::: Raw data
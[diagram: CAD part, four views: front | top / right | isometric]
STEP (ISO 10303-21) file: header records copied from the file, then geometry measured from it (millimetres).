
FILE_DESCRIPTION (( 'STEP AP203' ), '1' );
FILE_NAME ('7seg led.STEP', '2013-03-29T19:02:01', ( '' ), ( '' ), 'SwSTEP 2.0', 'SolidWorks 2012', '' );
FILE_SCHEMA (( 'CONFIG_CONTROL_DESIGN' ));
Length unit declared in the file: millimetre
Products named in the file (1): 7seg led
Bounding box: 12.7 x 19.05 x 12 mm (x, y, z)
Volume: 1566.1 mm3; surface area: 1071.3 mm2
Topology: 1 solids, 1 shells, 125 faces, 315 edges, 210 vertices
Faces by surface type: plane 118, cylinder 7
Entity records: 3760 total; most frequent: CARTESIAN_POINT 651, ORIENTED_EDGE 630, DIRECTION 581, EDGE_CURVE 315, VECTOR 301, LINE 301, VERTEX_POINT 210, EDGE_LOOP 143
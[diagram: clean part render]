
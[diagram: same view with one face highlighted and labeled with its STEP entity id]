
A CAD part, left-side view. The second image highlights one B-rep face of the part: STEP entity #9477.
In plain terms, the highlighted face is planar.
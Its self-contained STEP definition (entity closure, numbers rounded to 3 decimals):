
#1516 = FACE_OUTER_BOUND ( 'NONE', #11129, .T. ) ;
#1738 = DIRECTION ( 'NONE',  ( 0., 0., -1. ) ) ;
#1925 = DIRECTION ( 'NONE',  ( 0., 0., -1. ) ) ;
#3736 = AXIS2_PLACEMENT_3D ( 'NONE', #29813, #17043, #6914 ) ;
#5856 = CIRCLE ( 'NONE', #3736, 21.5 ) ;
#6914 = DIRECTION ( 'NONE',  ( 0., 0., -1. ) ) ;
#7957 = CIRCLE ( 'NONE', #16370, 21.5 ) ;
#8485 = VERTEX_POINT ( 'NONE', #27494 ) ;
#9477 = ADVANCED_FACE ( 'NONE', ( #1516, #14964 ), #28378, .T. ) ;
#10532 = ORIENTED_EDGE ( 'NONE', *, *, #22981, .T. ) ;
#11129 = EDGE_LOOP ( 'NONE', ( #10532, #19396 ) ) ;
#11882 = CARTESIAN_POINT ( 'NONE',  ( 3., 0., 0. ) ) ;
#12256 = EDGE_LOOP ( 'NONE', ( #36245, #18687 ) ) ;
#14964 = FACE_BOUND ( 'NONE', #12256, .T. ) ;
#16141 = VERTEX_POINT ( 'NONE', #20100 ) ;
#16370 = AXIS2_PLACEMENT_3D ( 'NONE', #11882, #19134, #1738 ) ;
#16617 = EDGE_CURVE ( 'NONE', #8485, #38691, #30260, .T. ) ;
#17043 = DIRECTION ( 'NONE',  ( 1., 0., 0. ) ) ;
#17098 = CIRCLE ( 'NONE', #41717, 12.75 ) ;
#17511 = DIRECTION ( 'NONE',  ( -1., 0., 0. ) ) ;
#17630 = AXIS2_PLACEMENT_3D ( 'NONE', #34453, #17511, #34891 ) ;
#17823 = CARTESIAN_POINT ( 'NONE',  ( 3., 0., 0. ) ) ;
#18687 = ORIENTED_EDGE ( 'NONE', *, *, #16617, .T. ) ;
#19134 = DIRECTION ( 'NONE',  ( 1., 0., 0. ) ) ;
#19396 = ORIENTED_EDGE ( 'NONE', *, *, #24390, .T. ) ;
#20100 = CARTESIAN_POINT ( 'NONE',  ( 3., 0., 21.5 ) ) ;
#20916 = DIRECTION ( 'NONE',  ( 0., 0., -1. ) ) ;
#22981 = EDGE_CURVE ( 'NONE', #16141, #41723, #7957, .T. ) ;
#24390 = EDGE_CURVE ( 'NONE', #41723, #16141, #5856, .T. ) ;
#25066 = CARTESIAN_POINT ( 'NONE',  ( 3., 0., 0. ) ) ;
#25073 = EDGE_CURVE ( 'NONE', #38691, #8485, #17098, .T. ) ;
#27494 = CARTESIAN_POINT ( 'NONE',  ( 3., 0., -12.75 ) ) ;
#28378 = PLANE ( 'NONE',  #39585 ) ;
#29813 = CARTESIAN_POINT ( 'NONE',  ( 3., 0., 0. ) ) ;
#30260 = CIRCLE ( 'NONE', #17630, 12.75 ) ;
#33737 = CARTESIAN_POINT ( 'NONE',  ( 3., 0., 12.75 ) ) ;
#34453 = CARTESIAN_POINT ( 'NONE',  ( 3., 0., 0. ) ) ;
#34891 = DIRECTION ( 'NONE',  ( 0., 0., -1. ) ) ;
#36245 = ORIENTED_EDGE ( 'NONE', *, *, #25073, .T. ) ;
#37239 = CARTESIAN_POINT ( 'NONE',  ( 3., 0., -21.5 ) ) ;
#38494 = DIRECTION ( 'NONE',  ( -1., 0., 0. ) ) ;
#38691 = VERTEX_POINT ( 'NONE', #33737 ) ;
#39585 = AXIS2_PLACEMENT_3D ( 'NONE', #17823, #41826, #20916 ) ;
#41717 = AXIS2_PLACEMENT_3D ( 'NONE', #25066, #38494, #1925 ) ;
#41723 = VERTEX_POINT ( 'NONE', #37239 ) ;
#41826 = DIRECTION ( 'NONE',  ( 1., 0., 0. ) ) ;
::::::
Return solely the number of lines in the data that include the word "diagram".

3